The problem:
Word for word, repeat the entries, minus the pictures.
-- Input follows --
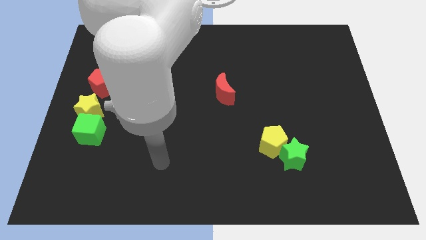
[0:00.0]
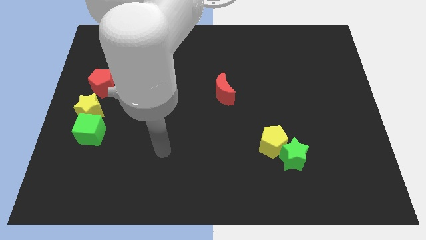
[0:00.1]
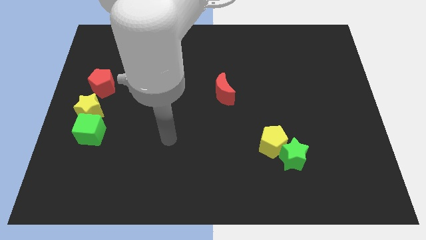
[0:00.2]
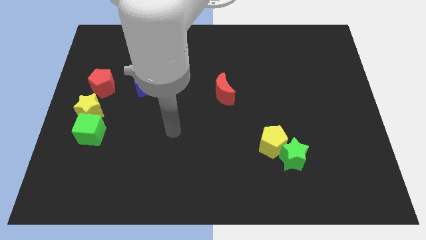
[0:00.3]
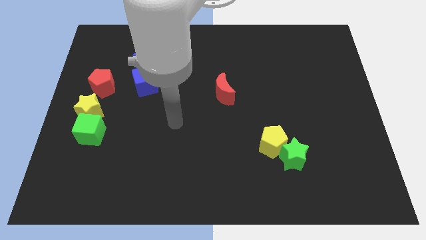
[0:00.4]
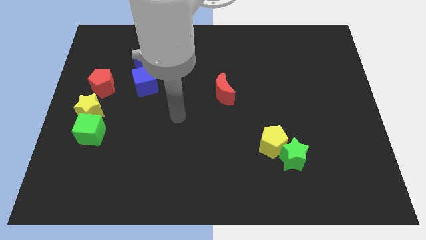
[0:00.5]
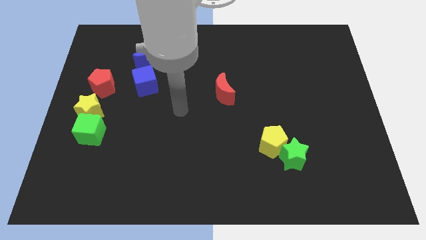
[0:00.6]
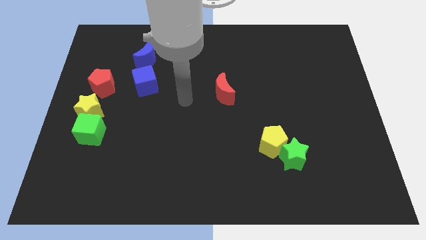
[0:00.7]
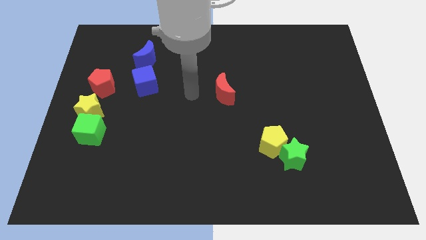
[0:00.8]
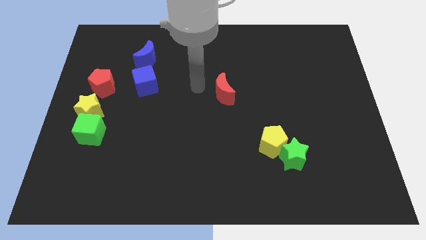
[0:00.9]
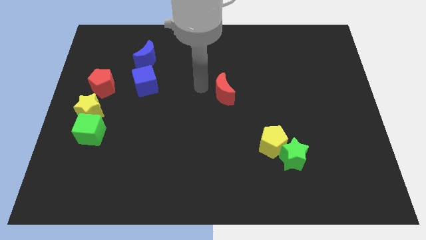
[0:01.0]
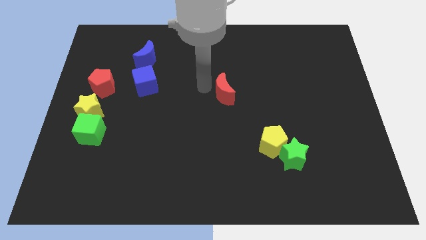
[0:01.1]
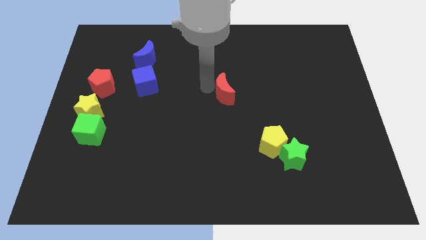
-- Input concluded --
Reply to the exercise:
[0:00.0]
[0:00.1]
[0:00.2]
[0:00.3]
[0:00.4]
[0:00.5]
[0:00.6]
[0:00.7]
[0:00.8]
[0:00.9]
[0:01.0]
[0:01.1]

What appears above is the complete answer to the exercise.